Start of Block

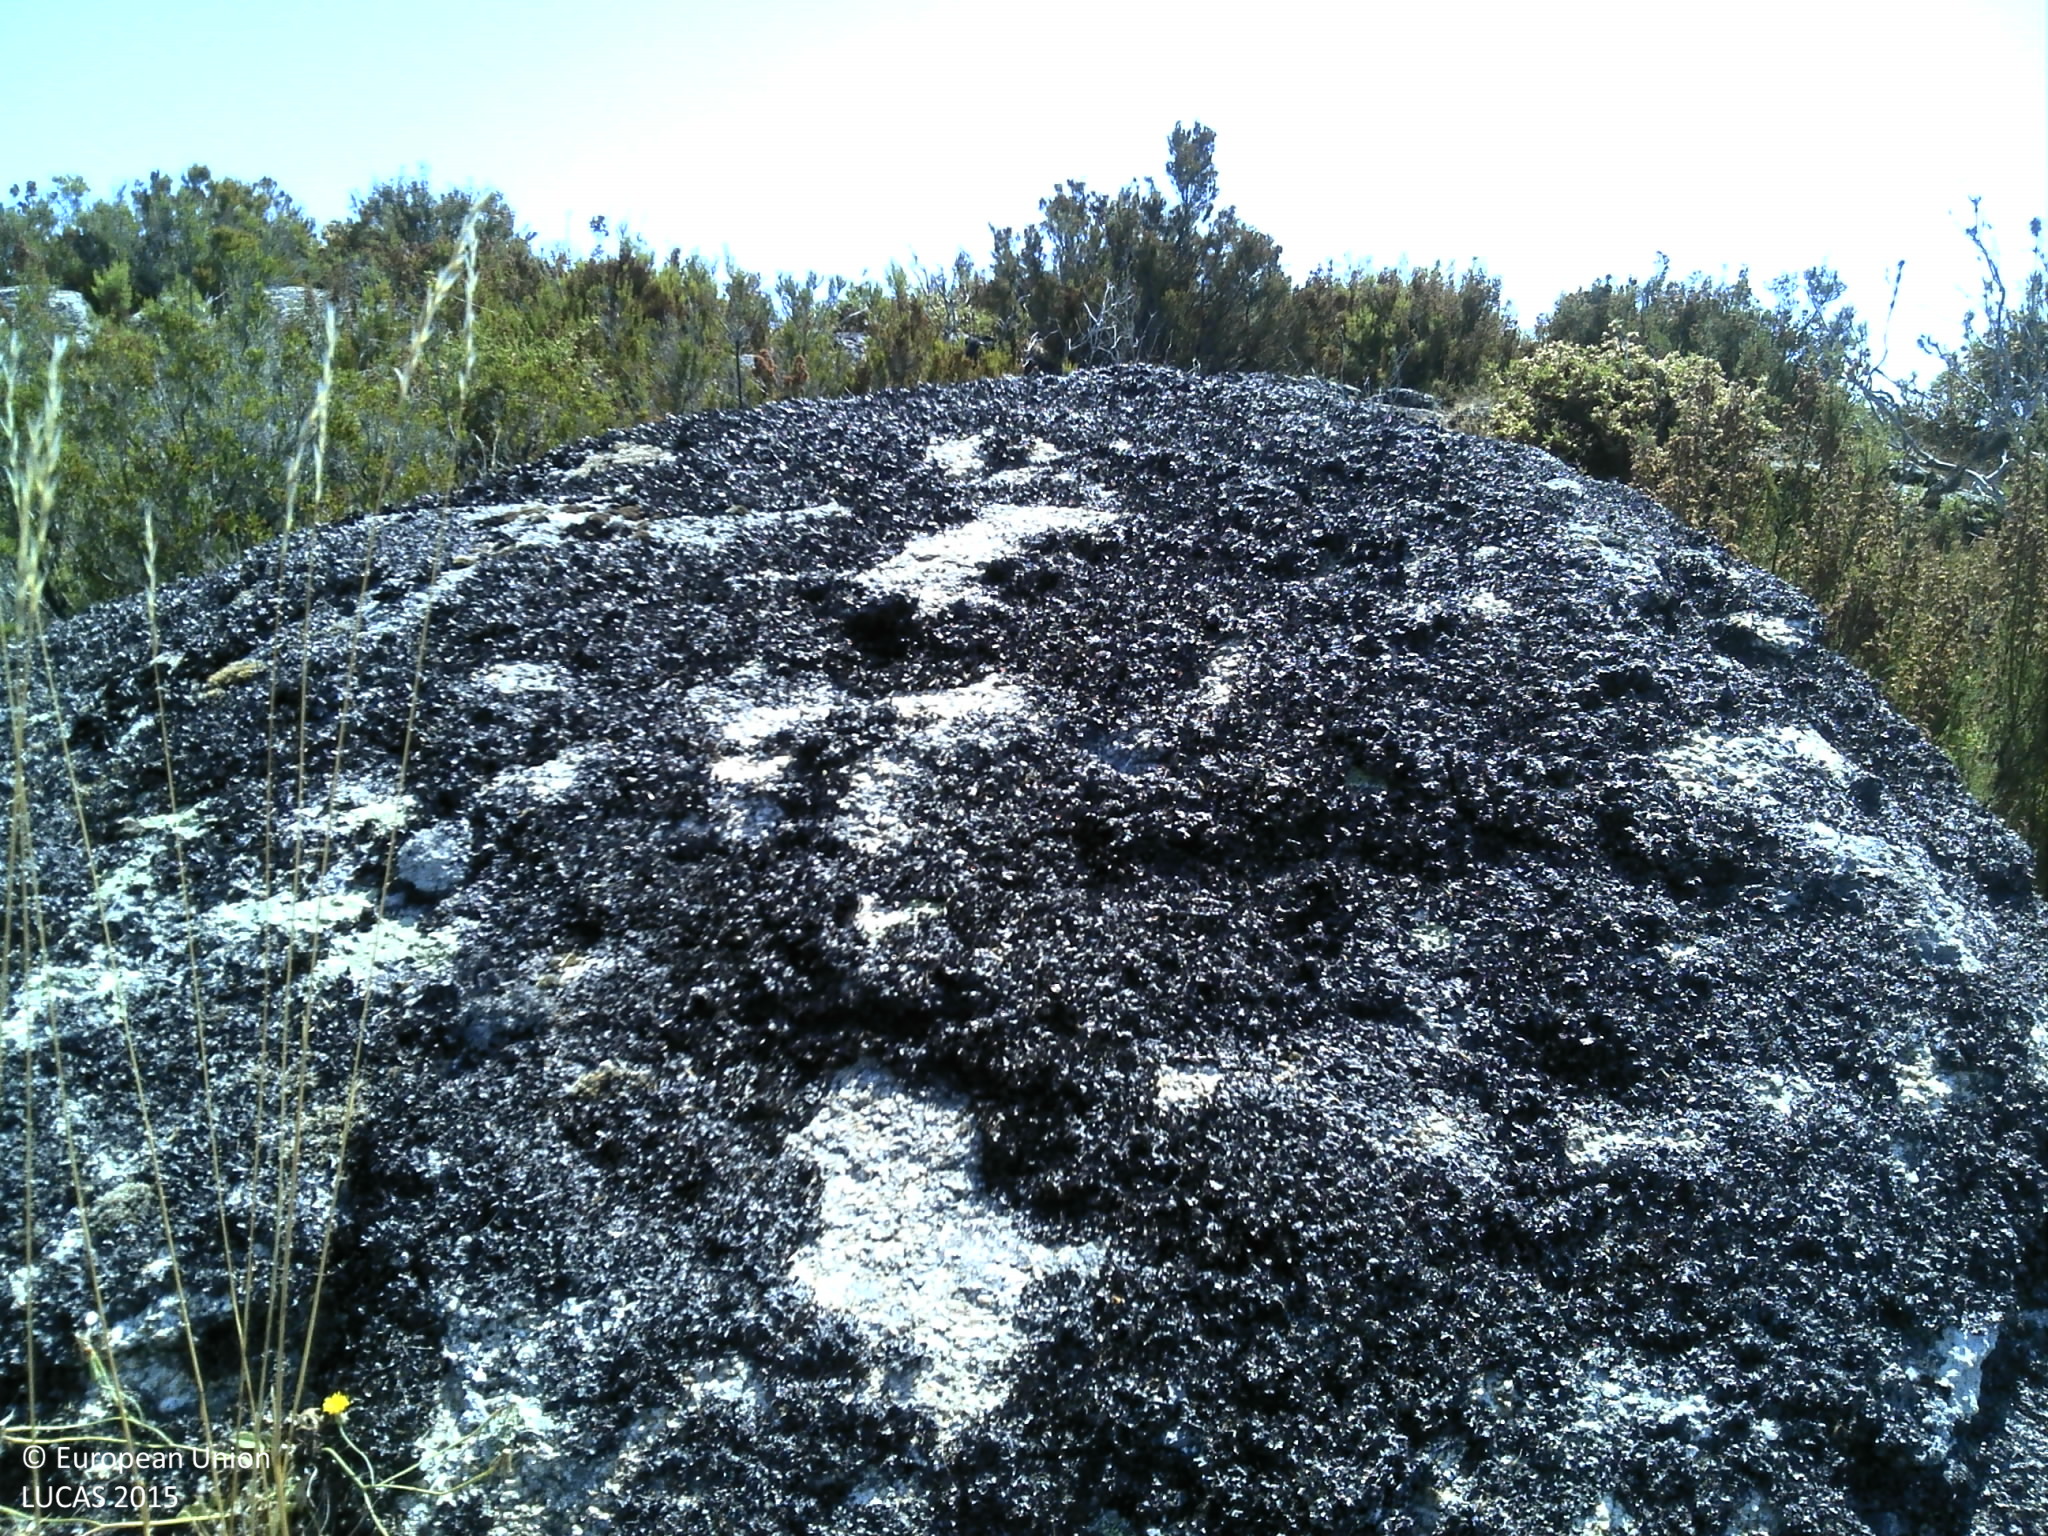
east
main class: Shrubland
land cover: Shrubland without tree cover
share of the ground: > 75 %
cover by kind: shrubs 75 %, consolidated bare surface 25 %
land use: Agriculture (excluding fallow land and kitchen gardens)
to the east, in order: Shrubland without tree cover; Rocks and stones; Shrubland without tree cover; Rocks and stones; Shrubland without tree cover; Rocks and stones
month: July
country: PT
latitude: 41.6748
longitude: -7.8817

End of Block

Return every line of the material in which the word "Shrubland" is found.

main class: Shrubland
land cover: Shrubland without tree cover
to the east, in order: Shrubland without tree cover; Rocks and stones; Shrubland without tree cover; Rocks and stones; Shrubland without tree cover; Rocks and stones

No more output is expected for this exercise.